Using the records that appear below, write out exactly the lines from the one with "share of the ground: > 75 %" through the one with "longitude: 14.9447", keeping both end lines.

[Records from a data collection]
•••••

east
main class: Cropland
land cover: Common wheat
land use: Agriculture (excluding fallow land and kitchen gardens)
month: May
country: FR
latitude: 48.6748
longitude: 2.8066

•••••

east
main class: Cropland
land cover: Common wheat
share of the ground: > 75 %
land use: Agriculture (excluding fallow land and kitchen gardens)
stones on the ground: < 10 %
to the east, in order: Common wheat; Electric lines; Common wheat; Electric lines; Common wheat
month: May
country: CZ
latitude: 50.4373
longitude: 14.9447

•••••

# Reply to the task
share of the ground: > 75 %
land use: Agriculture (excluding fallow land and kitchen gardens)
stones on the ground: < 10 %
to the east, in order: Common wheat; Electric lines; Common wheat; Electric lines; Common wheat
month: May
country: CZ
latitude: 50.4373
longitude: 14.9447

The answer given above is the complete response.